[EXERCISE MATERIAL Boundary: Start]

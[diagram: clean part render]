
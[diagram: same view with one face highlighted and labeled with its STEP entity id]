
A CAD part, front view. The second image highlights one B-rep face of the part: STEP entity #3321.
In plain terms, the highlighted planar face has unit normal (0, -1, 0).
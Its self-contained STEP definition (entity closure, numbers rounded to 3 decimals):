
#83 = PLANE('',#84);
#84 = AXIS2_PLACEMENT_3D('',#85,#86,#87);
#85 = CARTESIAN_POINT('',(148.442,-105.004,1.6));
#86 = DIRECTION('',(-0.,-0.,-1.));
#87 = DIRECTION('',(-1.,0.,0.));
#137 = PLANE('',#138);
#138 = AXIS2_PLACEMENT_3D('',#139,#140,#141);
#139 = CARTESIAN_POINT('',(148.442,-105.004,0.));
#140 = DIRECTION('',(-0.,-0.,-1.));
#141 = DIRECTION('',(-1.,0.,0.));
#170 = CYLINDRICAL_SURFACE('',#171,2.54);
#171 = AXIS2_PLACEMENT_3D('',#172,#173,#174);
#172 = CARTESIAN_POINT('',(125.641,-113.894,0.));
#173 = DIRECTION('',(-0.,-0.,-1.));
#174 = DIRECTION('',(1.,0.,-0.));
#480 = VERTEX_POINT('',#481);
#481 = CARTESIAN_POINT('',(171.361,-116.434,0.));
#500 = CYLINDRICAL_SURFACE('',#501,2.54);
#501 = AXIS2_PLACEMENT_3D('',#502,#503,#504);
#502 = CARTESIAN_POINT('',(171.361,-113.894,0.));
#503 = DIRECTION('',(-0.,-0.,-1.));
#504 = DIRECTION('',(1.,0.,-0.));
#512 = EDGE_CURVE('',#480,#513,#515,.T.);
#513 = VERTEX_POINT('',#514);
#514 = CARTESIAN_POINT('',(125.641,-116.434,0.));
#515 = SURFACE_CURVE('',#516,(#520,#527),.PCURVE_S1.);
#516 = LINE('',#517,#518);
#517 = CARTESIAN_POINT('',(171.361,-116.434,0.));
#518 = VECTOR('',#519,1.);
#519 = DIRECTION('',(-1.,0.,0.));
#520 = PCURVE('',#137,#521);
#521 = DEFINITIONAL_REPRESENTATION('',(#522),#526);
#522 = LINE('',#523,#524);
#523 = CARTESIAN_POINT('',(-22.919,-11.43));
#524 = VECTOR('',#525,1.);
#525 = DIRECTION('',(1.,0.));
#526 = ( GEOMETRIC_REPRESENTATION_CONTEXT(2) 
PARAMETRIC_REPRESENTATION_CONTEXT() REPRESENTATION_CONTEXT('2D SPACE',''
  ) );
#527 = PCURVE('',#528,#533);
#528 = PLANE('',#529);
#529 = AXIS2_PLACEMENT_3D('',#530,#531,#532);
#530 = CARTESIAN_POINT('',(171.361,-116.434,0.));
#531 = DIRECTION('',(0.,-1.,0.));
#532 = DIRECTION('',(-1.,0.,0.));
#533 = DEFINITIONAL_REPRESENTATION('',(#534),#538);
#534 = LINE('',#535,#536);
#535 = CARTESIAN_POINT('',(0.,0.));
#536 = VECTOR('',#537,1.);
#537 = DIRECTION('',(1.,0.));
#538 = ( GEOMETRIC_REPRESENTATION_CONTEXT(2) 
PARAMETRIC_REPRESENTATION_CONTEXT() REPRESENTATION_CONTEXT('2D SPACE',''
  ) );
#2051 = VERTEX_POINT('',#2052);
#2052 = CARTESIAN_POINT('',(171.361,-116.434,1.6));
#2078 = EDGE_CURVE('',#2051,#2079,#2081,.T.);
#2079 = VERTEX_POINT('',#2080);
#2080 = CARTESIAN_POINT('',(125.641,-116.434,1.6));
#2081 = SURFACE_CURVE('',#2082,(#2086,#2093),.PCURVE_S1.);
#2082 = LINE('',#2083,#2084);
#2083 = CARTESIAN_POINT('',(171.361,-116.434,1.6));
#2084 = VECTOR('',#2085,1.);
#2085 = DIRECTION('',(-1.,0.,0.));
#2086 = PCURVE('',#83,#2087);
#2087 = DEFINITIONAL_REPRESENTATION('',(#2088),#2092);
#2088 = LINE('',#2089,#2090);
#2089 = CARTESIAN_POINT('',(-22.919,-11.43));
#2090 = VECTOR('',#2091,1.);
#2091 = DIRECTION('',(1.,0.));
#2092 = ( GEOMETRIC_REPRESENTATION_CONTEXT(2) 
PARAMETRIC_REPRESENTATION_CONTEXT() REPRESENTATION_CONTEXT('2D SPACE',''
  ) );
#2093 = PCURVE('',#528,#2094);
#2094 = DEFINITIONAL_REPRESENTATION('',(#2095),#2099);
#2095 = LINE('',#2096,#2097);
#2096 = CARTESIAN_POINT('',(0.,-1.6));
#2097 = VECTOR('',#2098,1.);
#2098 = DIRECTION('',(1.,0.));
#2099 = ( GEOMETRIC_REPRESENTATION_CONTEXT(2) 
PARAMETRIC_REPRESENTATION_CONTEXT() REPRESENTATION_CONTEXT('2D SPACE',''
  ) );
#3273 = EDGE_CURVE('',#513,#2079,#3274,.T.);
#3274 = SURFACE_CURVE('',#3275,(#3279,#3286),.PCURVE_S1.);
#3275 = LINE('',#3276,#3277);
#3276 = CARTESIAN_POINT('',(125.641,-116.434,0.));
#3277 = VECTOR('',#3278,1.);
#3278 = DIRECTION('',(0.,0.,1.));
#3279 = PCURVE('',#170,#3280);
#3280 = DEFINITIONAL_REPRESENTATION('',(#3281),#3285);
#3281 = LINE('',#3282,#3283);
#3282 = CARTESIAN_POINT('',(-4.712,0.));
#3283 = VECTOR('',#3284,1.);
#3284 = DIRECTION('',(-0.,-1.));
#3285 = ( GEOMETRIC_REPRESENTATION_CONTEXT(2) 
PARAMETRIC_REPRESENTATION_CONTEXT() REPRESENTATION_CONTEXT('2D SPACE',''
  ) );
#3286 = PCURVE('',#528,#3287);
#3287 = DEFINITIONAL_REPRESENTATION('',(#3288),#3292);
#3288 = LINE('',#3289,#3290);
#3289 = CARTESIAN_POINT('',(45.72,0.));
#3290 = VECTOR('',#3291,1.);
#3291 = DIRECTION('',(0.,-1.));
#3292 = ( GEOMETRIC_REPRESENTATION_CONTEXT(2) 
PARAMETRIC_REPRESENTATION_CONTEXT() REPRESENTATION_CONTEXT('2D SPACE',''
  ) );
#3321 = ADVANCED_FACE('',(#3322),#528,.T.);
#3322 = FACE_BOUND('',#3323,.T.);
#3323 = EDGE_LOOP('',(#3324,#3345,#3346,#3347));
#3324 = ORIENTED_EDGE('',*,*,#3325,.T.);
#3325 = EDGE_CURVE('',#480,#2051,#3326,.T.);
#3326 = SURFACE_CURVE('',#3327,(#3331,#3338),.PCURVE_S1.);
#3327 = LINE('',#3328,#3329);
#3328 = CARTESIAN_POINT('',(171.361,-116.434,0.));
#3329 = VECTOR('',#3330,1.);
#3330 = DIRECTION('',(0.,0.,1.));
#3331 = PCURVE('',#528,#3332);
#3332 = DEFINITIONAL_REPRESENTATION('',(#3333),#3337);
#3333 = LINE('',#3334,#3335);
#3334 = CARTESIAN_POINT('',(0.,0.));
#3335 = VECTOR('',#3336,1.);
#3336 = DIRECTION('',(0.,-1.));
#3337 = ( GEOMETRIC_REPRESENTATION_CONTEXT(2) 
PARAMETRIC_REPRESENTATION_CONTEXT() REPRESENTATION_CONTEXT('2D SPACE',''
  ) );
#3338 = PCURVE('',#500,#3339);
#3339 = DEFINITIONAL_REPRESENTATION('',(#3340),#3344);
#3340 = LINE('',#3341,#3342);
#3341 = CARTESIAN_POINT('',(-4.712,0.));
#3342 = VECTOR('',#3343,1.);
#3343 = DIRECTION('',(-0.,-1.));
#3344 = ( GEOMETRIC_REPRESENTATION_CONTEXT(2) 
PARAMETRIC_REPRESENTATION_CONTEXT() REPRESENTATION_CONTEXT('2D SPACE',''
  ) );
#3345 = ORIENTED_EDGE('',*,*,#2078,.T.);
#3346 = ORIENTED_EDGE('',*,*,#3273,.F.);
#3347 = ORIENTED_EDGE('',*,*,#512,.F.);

[EXERCISE MATERIAL Boundary: End]

**WHAT TO PRODUCE**
From the entries above, return exactly the line containing "A CAD part, front", the line containing "#502 = CARTESIAN_POINT('',(171.361,-113.894,0.));", and all lines between, and nothing else.

**OUTPUT OF THE EXERCISE**
A CAD part, front view. The second image highlights one B-rep face of the part: STEP entity #3321.
In plain terms, the highlighted planar face has unit normal (0, -1, 0).
Its self-contained STEP definition (entity closure, numbers rounded to 3 decimals):
#83 = PLANE('',#84);
#84 = AXIS2_PLACEMENT_3D('',#85,#86,#87);
#85 = CARTESIAN_POINT('',(148.442,-105.004,1.6));
#86 = DIRECTION('',(-0.,-0.,-1.));
#87 = DIRECTION('',(-1.,0.,0.));
#137 = PLANE('',#138);
#138 = AXIS2_PLACEMENT_3D('',#139,#140,#141);
#139 = CARTESIAN_POINT('',(148.442,-105.004,0.));
#140 = DIRECTION('',(-0.,-0.,-1.));
#141 = DIRECTION('',(-1.,0.,0.));
#170 = CYLINDRICAL_SURFACE('',#171,2.54);
#171 = AXIS2_PLACEMENT_3D('',#172,#173,#174);
#172 = CARTESIAN_POINT('',(125.641,-113.894,0.));
#173 = DIRECTION('',(-0.,-0.,-1.));
#174 = DIRECTION('',(1.,0.,-0.));
#480 = VERTEX_POINT('',#481);
#481 = CARTESIAN_POINT('',(171.361,-116.434,0.));
#500 = CYLINDRICAL_SURFACE('',#501,2.54);
#501 = AXIS2_PLACEMENT_3D('',#502,#503,#504);
#502 = CARTESIAN_POINT('',(171.361,-113.894,0.));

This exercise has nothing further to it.